He died in my hands
By NJOKU ONYEKACHI JET
Tuesday, August 15, 2006

•Mrs. Olujumu
Photo by Sun News Publishing

When Mbaise, Imo State-born Mrs. Patricia Ngozi Olujumu said ‘till death do us part’ on her wedding day to Engr. Ebenezer Eniola Olujumu, it was a passionate vow. Twenty-one years after the demise of her husband, she is still as passionate as she was when she signed the dotted lines.

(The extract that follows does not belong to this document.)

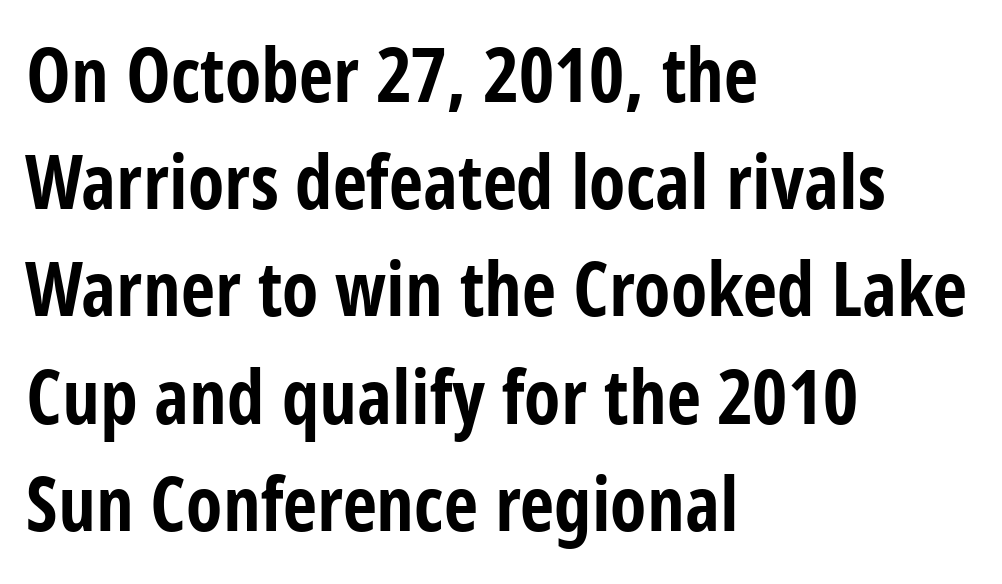
No extra tracking has been applied to these lines. Typographically, this falls in the sans-serif category. The gap between lines stays unmarked. The text block is weighted toward the left margin, trailing off unevenly rightward. If you measured baseline to baseline, you'd find a middling distance. Each letter keeps its own natural width here, so spacing adapts to shape.

In this interview, the president of the Catholic Widows Association and the Principal of United Christian College, Apapa, Lagos, narrates how death brought an early end to what was a blissful marriage.

Meeting
I met my late husband, a geologist, during his youth service year; I was then a secondary school girl. That was at Holy Ghost College, Owerri, where my father was a senior tutor and we happened to live in the same compound. When he secured a job with Gulf Oil Company, now Chevron Oil, and made his proposal known, there were disapprovals from both ends. However, after three years, by then we had begun our courtship, both families gave their consent. Hence we tied the nuptial knot in 1977.

His death
He suffered Nephritic Syndrome for years. For this period of years, he was treated at the Lagos Teaching Hospital (LUTH); we tried Alternative Therapy without success. It was at the point of trying to fly him outside the country that he died. It was not until after his death that LUTH was able to diagnose what the ailment was. He died right in my hands in Owo, Ondo State precisely on January 21, 1985. He was 34 years and I was 30 years. The union was then eight years, which produced a girl and two boys of ages 5, 3, and 1.

Burial
Being a Yoruba man, it was low-keyed. The Yorubas do not hold an elaborate burial for their young ones. But then, his colleagues and employers rallied round, bought the casket and assisted in the burial. His entitlements were fully paid by his organization.

In-laws
It was a grievous loss to all so there were no grudges by anybody. My in-laws were very supportive and insisted that no one touches his properties. My in-laws stood solidly behind me all through.

What I miss about him
I miss his exceptional loving and caring nature, I find it difficult to remarry, rather I have dedicated myself to take care of our kids. To tell you the level of his care, at that time, he had already written so many things in form of a will and titled it ‘My Will’. He listed the people he was indebted to and those indebted to him. He wrote also that nobody should disturb his wife and children and pleaded with his family and friends to help train up his children. I must confess that they have indeed been of immense help.

Last words
His last words to me were: ‘Pat do not be afraid, God will be with you’. Then, severally he would ask if I would be able to take care of the children and my reply was that we both would take care of them. But death was the last thing I ever imagined. On one occasion, my reply was yes and it was after this time that he gave up the ghost. Now, two of these children are graduates with the last about to graduate next year. I know this will add to his joy wherever he is.

Another world
This same man I married, if our paths cross in another life, I will still marry him. It is his great love that has sustained me this 21years.

Association for widows
It is something I started as Widows Fellowship in the Catholic Church parish where I worship. The vision I had was to prepare the widows to live a good Christian life, how to pray down God’s favour, to teach them the virtues of a good Christian mother, with or without their husbands. This received the blessing of the Catholic Charismatic.

To those widows who felt that the world had ended by losing their spouse, I served as an example to them having being in it for twenty-one years. They came to realize that they are a special breed, loved by God. We brought together our petitions such as accommodation problems, finance, employment and even emotional problems and prayed over them. We received God’s blessings through people who started showing interest in our members. A particular woman gave 20bags of rice; another 20 wrappers while another gave cash. There have been other countless gifts and these were shared to our members according to their needs.

Advice
The first thing I tell my fellow widows is to hold onto God and put their total trust in Him. I do refer them to the book of Jeremiah 49: 11 and Isaiah 54: 45. More often than not, I advise them not to bear grudges or hold it at heart that someone killed their husbands. Whatever God did not allow, would not happen. Widows should come off self-pity, anoint themselves to radiate with joy and be forward looking. They should be engaged in meaningful activities and be hardworking. God Himself won’t be happy seeing them dull and dejected. He is the judge for the widow and father of the fatherless. He will lead them on.